- Task directions:
Each line of the material below with the word "height" is to be reported.
##### Supplied data
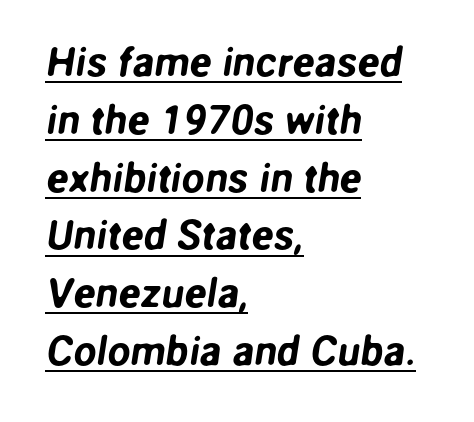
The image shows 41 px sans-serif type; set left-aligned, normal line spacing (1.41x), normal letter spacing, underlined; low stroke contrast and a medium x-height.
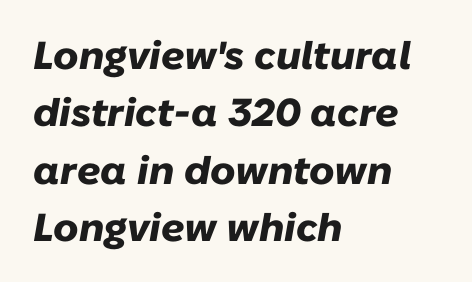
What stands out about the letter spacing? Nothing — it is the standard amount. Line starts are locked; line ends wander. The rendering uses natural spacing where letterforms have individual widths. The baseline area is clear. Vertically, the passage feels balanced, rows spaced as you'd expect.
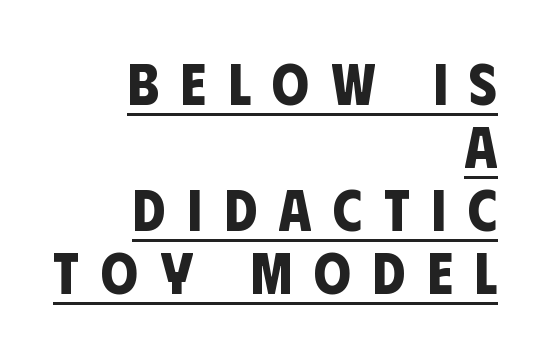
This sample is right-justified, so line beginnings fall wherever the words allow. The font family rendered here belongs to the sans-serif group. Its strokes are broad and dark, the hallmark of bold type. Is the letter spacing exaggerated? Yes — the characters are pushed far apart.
##########
##### Supplied data
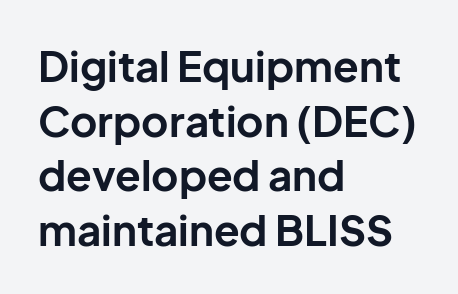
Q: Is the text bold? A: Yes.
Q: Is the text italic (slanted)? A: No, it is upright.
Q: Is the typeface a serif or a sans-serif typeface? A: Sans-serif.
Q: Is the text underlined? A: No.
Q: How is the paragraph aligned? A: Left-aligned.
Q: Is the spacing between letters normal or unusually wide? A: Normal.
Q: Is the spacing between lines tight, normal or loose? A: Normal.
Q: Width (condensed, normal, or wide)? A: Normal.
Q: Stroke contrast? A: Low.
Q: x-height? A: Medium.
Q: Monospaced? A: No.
##########
- Task result:
The image shows 41 px sans-serif type; set left-aligned, normal line spacing (1.41x), normal letter spacing, underlined; low stroke contrast and a medium x-height.
Q: x-height? A: Medium.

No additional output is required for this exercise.